=== Exercise requirements ===
Pictures are to be left out, but please repeat each record exactly.

=== Recorded data ===

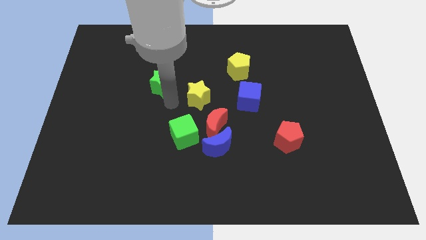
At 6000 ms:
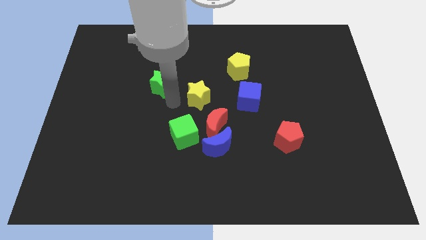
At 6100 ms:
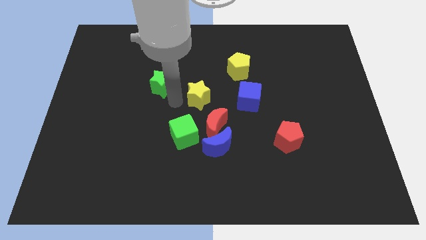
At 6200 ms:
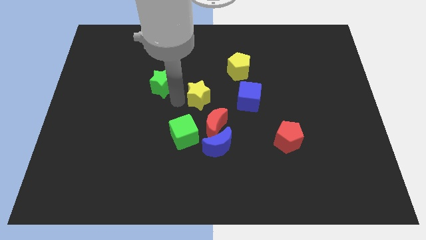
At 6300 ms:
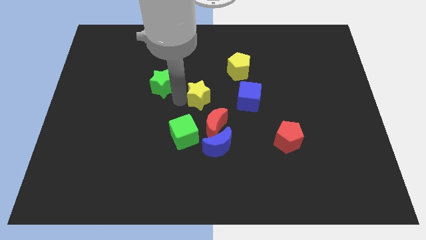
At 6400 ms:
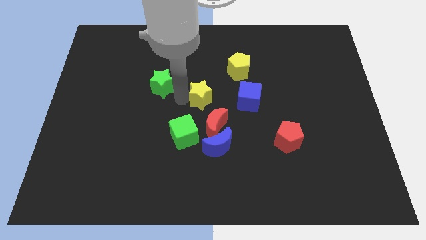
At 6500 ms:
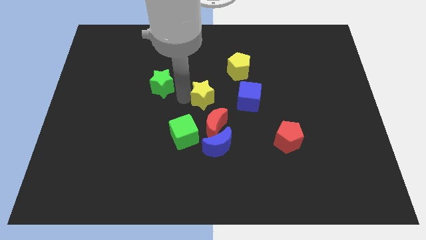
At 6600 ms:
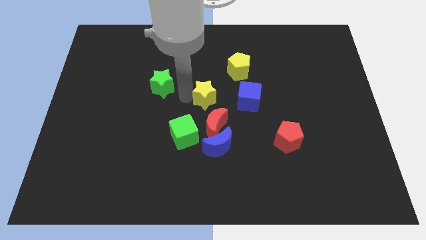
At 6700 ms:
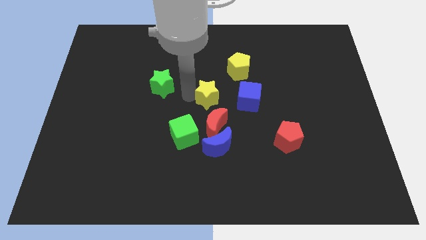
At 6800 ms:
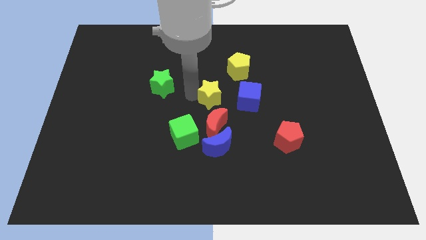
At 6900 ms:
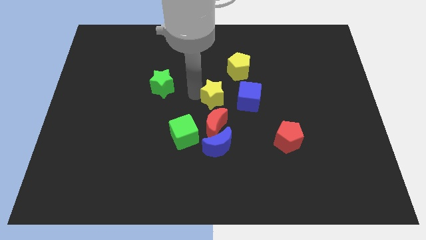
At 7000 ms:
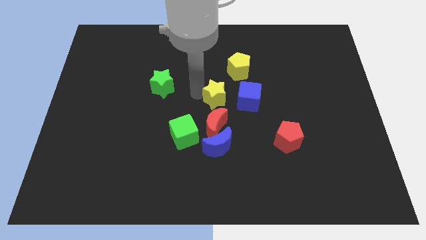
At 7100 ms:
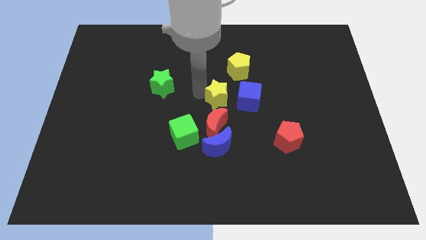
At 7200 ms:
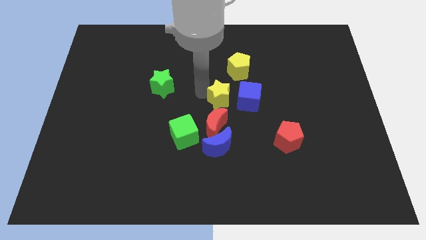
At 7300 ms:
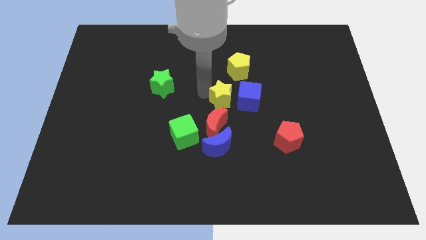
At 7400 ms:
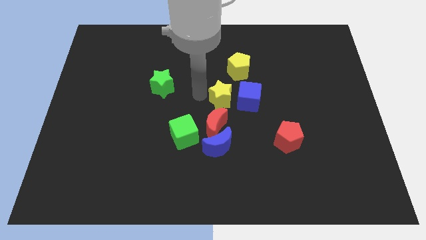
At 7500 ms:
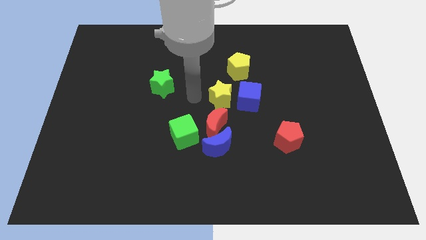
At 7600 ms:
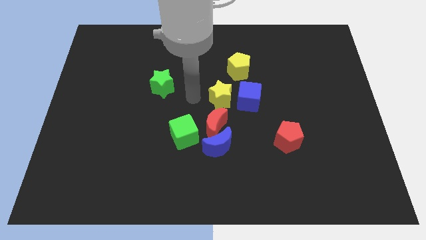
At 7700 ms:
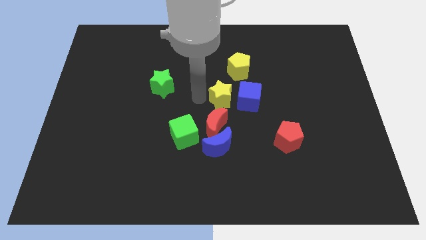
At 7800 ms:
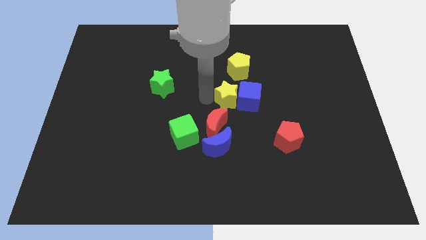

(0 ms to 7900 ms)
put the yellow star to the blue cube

=== Answer box ===
At 6000 ms:
At 6100 ms:
At 6200 ms:
At 6300 ms:
At 6400 ms:
At 6500 ms:
At 6600 ms:
At 6700 ms:
At 6800 ms:
At 6900 ms:
At 7000 ms:
At 7100 ms:
At 7200 ms:
At 7300 ms:
At 7400 ms:
At 7500 ms:
At 7600 ms:
At 7700 ms:
At 7800 ms:

(0 ms to 7900 ms)
put the yellow star to the blue cube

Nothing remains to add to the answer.